_Work request:_
From the records below, copy out each line that has the word "Artificial".

*** Opening Source information ***

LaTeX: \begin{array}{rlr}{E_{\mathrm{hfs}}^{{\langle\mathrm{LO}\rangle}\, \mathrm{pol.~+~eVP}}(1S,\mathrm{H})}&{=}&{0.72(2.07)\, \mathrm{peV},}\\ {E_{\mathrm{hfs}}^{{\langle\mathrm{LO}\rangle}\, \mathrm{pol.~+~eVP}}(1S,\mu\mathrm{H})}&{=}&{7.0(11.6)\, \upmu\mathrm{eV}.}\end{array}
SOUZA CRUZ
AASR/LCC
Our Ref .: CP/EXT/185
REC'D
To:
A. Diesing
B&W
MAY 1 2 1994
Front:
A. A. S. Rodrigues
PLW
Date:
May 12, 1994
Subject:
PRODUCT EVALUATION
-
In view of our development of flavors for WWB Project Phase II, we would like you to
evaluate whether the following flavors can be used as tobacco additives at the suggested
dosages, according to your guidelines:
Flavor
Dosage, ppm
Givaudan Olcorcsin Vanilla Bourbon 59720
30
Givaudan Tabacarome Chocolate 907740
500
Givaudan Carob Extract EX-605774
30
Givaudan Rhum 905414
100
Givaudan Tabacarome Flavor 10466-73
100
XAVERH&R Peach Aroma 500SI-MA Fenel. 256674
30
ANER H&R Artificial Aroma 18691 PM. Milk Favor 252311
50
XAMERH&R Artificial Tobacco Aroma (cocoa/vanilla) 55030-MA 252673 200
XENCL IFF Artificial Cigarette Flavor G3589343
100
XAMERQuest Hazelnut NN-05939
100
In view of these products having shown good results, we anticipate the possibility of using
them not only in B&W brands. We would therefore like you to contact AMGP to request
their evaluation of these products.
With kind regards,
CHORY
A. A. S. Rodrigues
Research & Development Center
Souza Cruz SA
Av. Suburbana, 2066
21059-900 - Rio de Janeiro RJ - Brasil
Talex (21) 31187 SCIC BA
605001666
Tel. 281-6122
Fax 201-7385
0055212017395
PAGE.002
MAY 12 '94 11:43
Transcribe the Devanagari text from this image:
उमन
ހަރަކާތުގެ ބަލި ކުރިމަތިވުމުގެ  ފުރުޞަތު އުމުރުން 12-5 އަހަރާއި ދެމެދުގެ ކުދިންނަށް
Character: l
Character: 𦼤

*** Closing Source information ***

_Task output:_
ANER H&R Artificial Aroma 18691 PM. Milk Favor 252311
XAMERH&R Artificial Tobacco Aroma (cocoa/vanilla) 55030-MA 252673 200
XENCL IFF Artificial Cigarette Flavor G3589343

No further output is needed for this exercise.